Exercise requirements: Please repeat the data below exactly, with the pictures removed.

Given entries:
----
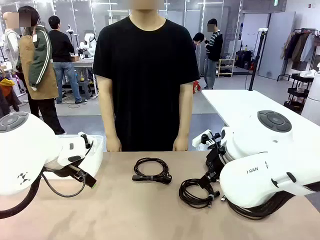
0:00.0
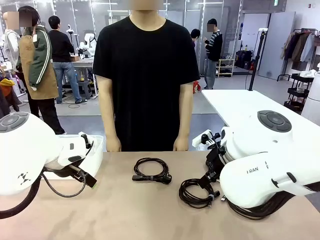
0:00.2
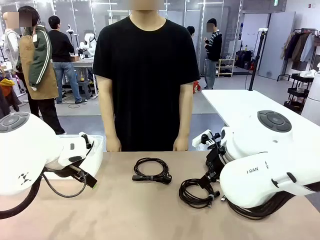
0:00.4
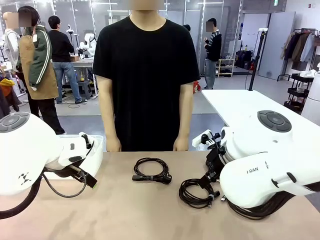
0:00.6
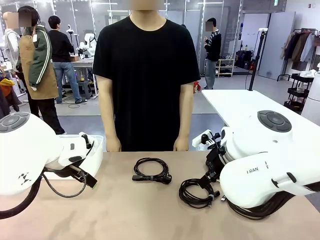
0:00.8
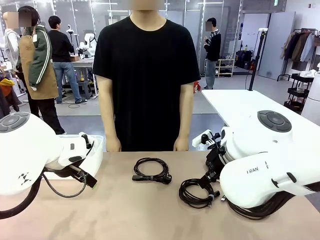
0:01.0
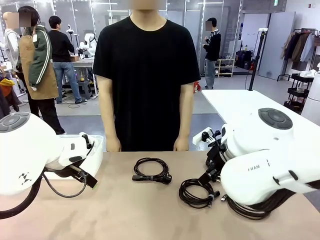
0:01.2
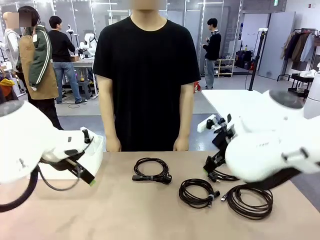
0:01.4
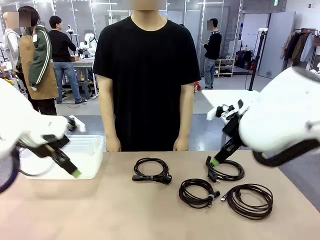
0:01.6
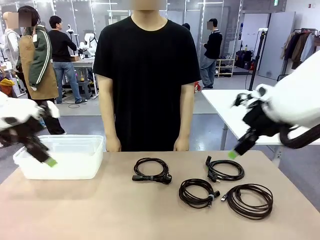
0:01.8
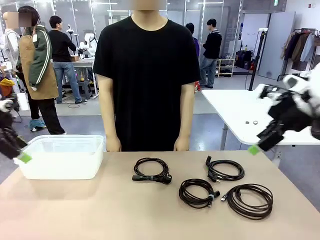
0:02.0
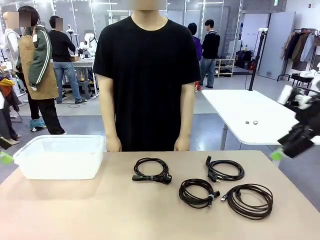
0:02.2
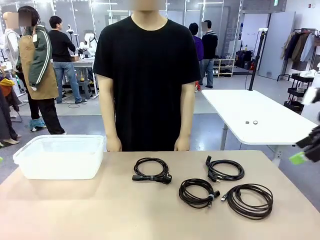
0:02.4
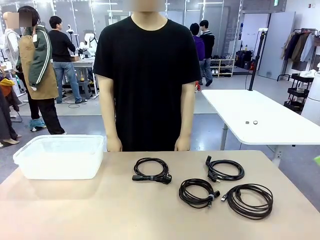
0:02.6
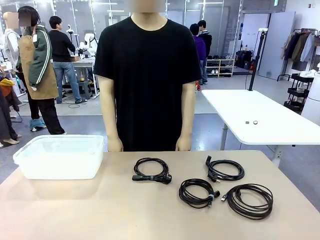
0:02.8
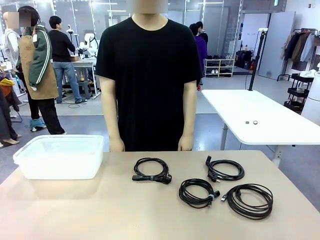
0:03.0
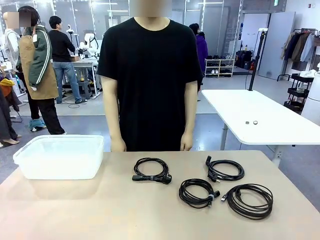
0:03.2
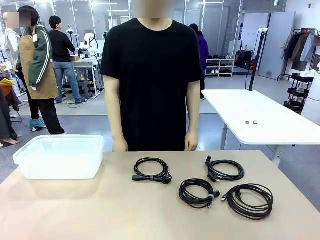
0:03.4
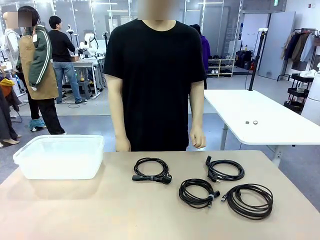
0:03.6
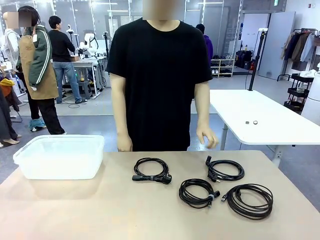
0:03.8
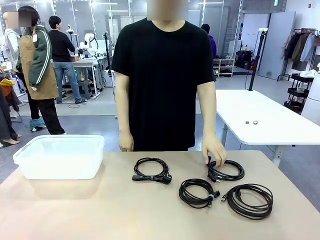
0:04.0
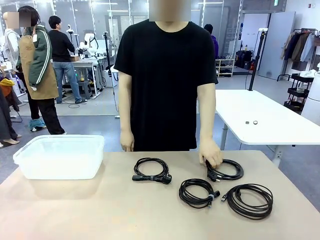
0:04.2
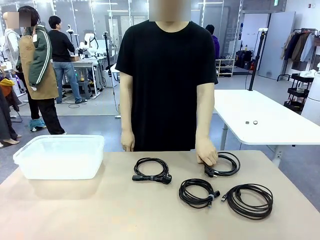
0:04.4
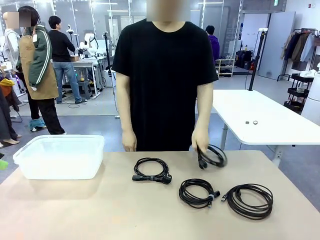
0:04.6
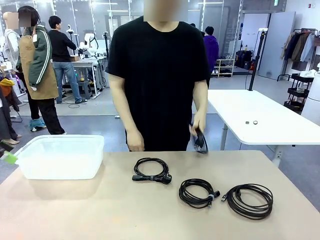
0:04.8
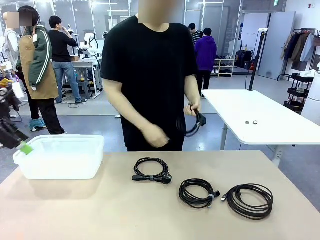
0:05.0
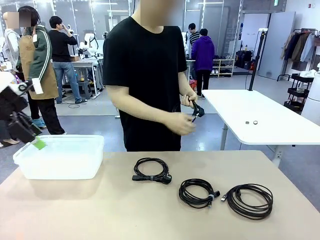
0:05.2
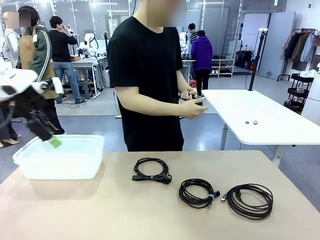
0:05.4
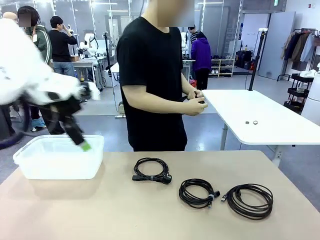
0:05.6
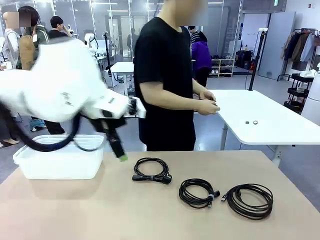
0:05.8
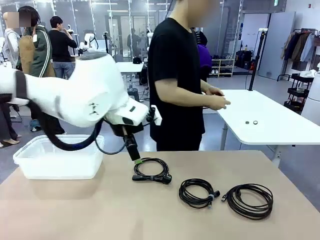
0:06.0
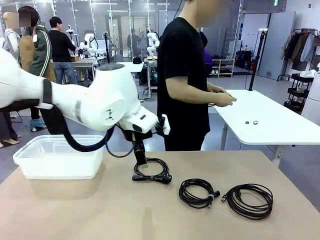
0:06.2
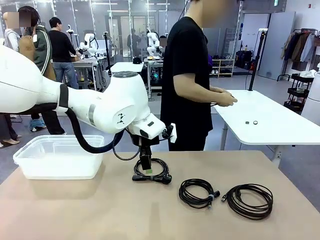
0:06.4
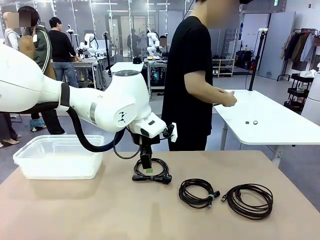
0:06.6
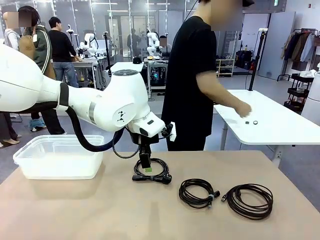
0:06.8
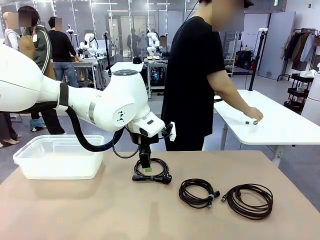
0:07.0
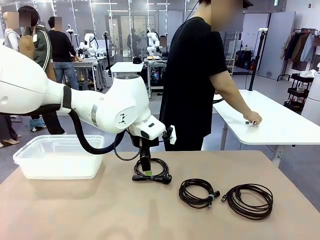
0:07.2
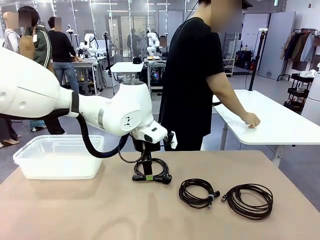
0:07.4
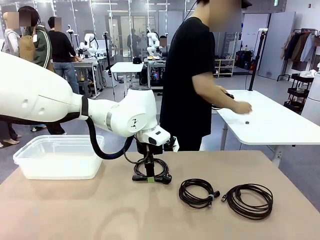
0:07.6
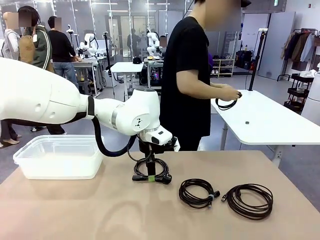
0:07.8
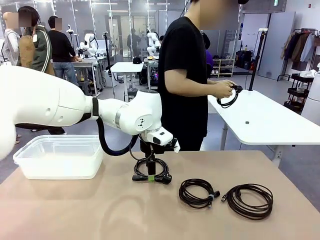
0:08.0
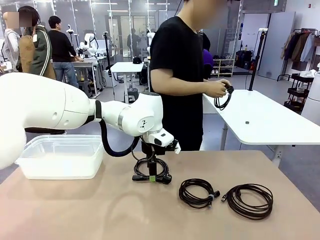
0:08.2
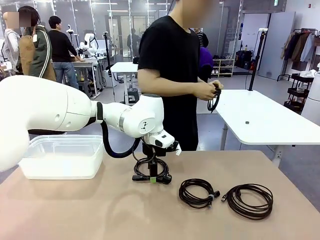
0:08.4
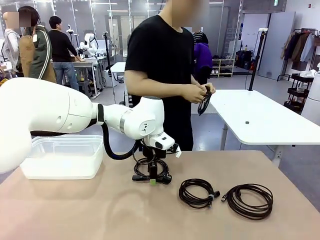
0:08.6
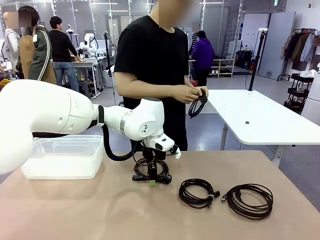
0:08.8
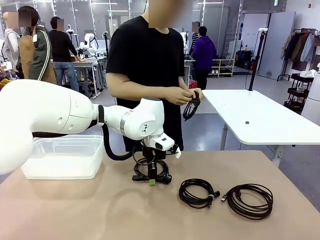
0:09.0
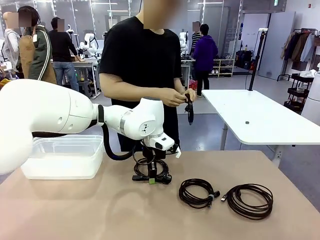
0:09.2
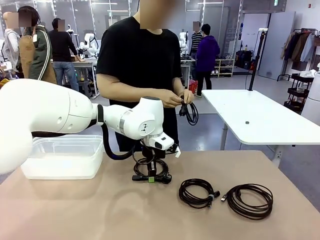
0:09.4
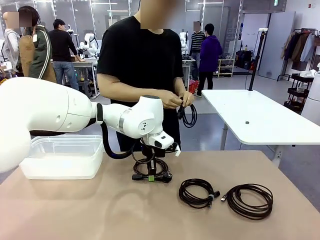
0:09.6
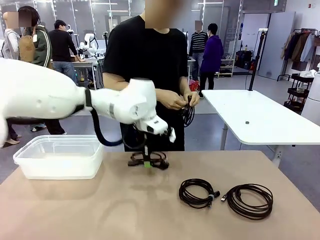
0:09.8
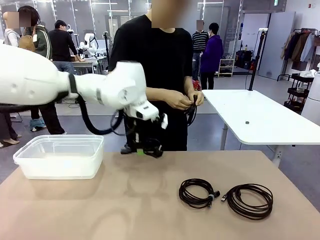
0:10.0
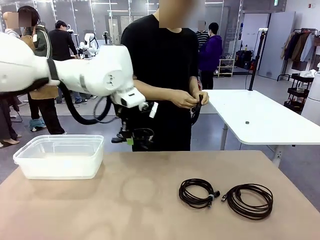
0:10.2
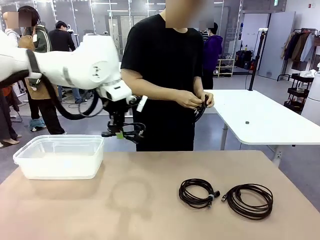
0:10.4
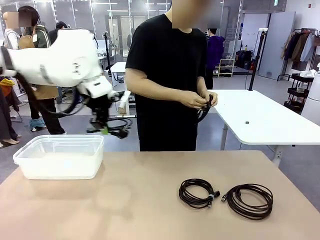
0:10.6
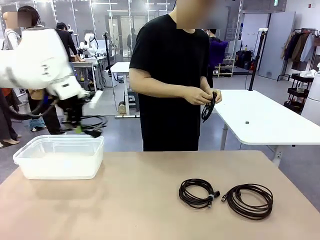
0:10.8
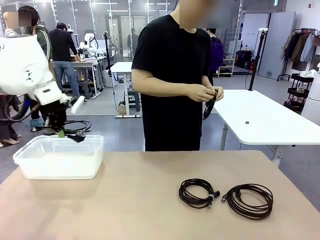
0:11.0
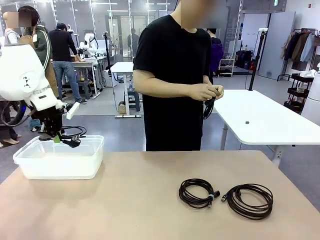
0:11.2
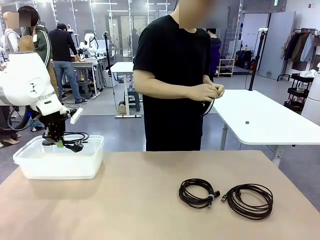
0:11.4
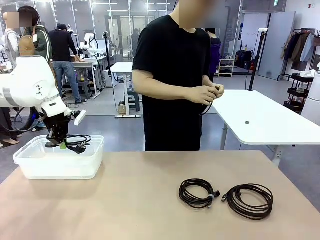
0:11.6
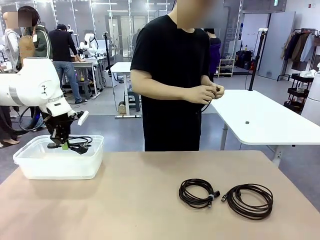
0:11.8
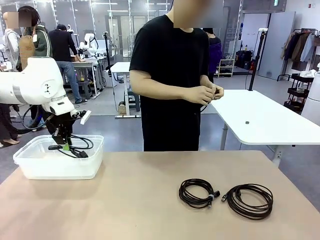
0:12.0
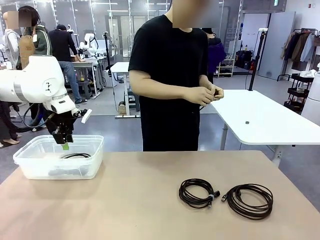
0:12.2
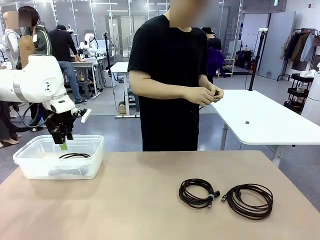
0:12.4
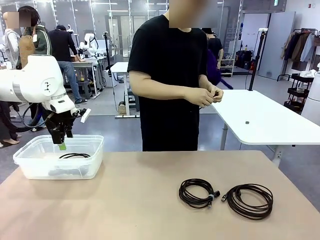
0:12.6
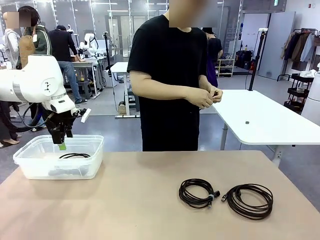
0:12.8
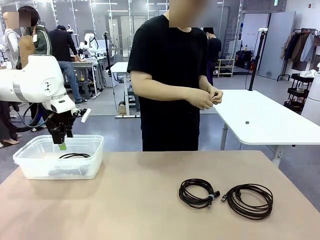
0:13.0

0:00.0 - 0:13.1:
----
Reply to the task:
0:00.0
0:00.2
0:00.4
0:00.6
0:00.8
0:01.0
0:01.2
0:01.4
0:01.6
0:01.8
0:02.0
0:02.2
0:02.4
0:02.6
0:02.8
0:03.0
0:03.2
0:03.4
0:03.6
0:03.8
0:04.0
0:04.2
0:04.4
0:04.6
0:04.8
0:05.0
0:05.2
0:05.4
0:05.6
0:05.8
0:06.0
0:06.2
0:06.4
0:06.6
0:06.8
0:07.0
0:07.2
0:07.4
0:07.6
0:07.8
0:08.0
0:08.2
0:08.4
0:08.6
0:08.8
0:09.0
0:09.2
0:09.4
0:09.6
0:09.8
0:10.0
0:10.2
0:10.4
0:10.6
0:10.8
0:11.0
0:11.2
0:11.4
0:11.6
0:11.8
0:12.0
0:12.2
0:12.4
0:12.6
0:12.8
0:13.0

0:00.0 - 0:13.1:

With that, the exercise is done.